The SCCM said that filling critical gaps will require action across many fronts, such as improving early recognition and diagnosis and access to antibiotics, better infection control at healthcare facilities to avert sepsis outbreaks, more effective emergency and critical care, training of staff to monitor patients’ responses to therapies, and patient education.
The organization noted that low-resource settings suffer from a lack of robust data on sepsis incidence, interventions, care processes, and outcomes. They also face shortages of key staff including physicians, nurses, respiratory therapists, and laboratory technicians, along with shortages of essential medicines, ventilators, and other equipment.
The program is being launched under the Surviving Sepsis Campaign (SSC), which was established in 2002 by SCCM and the European Society of Intensive Care Medicine (ESICM).
Phase 1 will involve surveying clinicians to assess needs, summarize the evidence base, and identify gaps in knowledge; phase 2 will entail creating toolkits and resources, and capturing how these are used.
The first two phases will be led by Hidalgo and Samuel Akech, PhD, director of CDC Western Kenya for the U.S. Centers for Disease Control and Prevention (CDC) in Kenya.
With phase 2 due for completion in September 2025, SCCM is pursuing funding for phases 3 and 4, which will focus on implementing, disseminating, and assessing impact in 20 global regions.
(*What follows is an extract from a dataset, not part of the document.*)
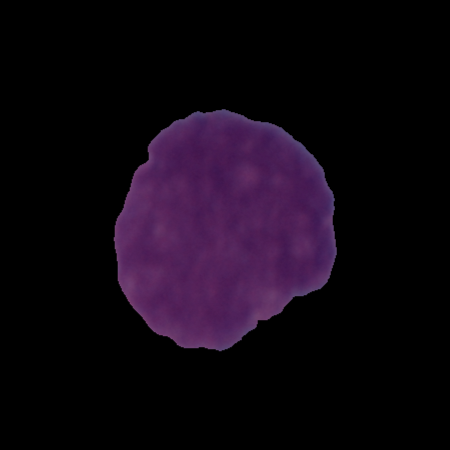
Label: cancer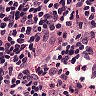
Metastatic tissue present: no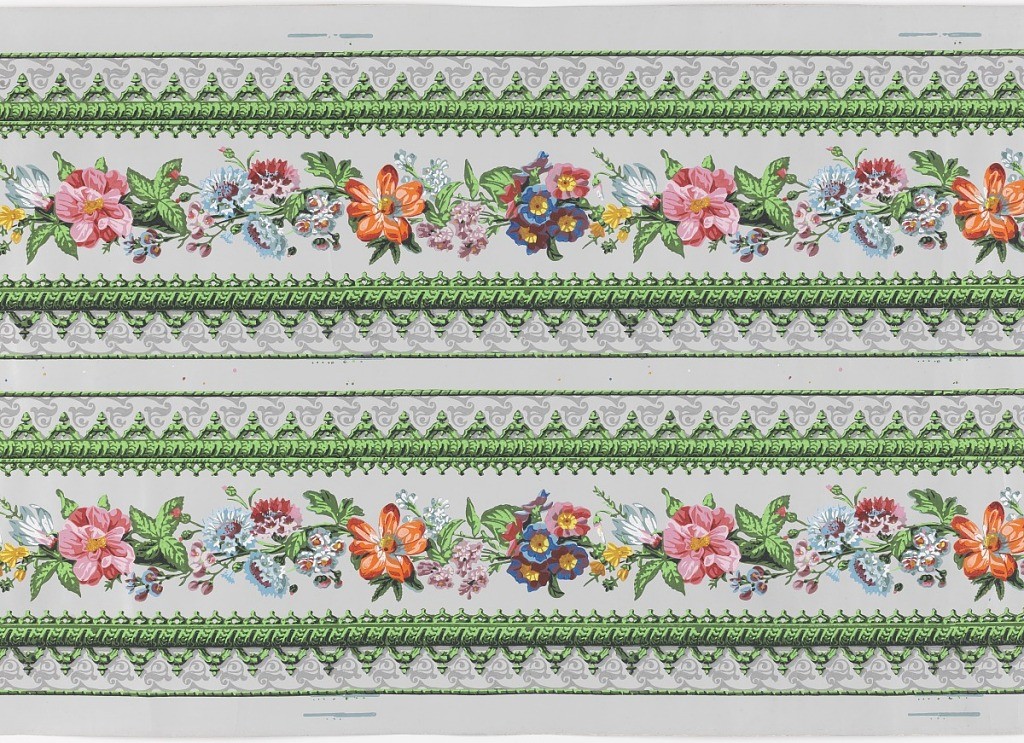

“SCCM is launching this project through the SSC, whose guidelines have been shown to reduce deaths from sepsis in adults and children and improve overall outcomes, but are better aligned to places with more resources, such as the United States and Europe,” said Dr. Vinay Nadkarni, immediate past president of SCCM.
“Ultimately, the SSC guidelines will be expanded and updated to reflect the findings and recommendations discovered by this initiative,” Nadkarni said.
In another presentation at the SCCM Critical Care Congress, data was presented comparing the performance of the SeptiCyte RAPID (SeptiScore) test at differentiating sepsis from systemic inflammatory response syndrome (SIRS) relative to other diagnostic tests commonly used to identify sepsis.
The data was taken from 10 hospital sites in the U.S. and Europe with a patient cohort that included critically ill adults admitted to intensive care with a suspicion of sepsis.
The test, which measures two immune biomarkers to differentiate sepsis from SIRS, is produced by Immunexpress, a molecular diagnostic company based in Brisbane, Australia and Seattle.
The test uses reverse transcription polymerase chain reaction (RT-PCR) to quantify the relative expression levels of host response genes isolated from whole blood, providing results in about an hour from sepsis suspicion. It is intended for use in conjunction with clinical assessments, vital signs, and laboratory findings on patients with escalating signs and symptoms of critical illness.
"The data demonstrate that no combination of biomarkers outperformed SeptiScore alone, or models including SeptiScore, at identifying sepsis," said Dr. Roy Davis, PhD, chief medical officer of Immunexpress in the presentation.
Davis said SeptiCyte RAPID was not intended to be used as a standalone test, but in this study “adding other biomarkers to SeptiScore didn't appreciably increase the diagnostic certainty of differentiating sepsis from SIRS.”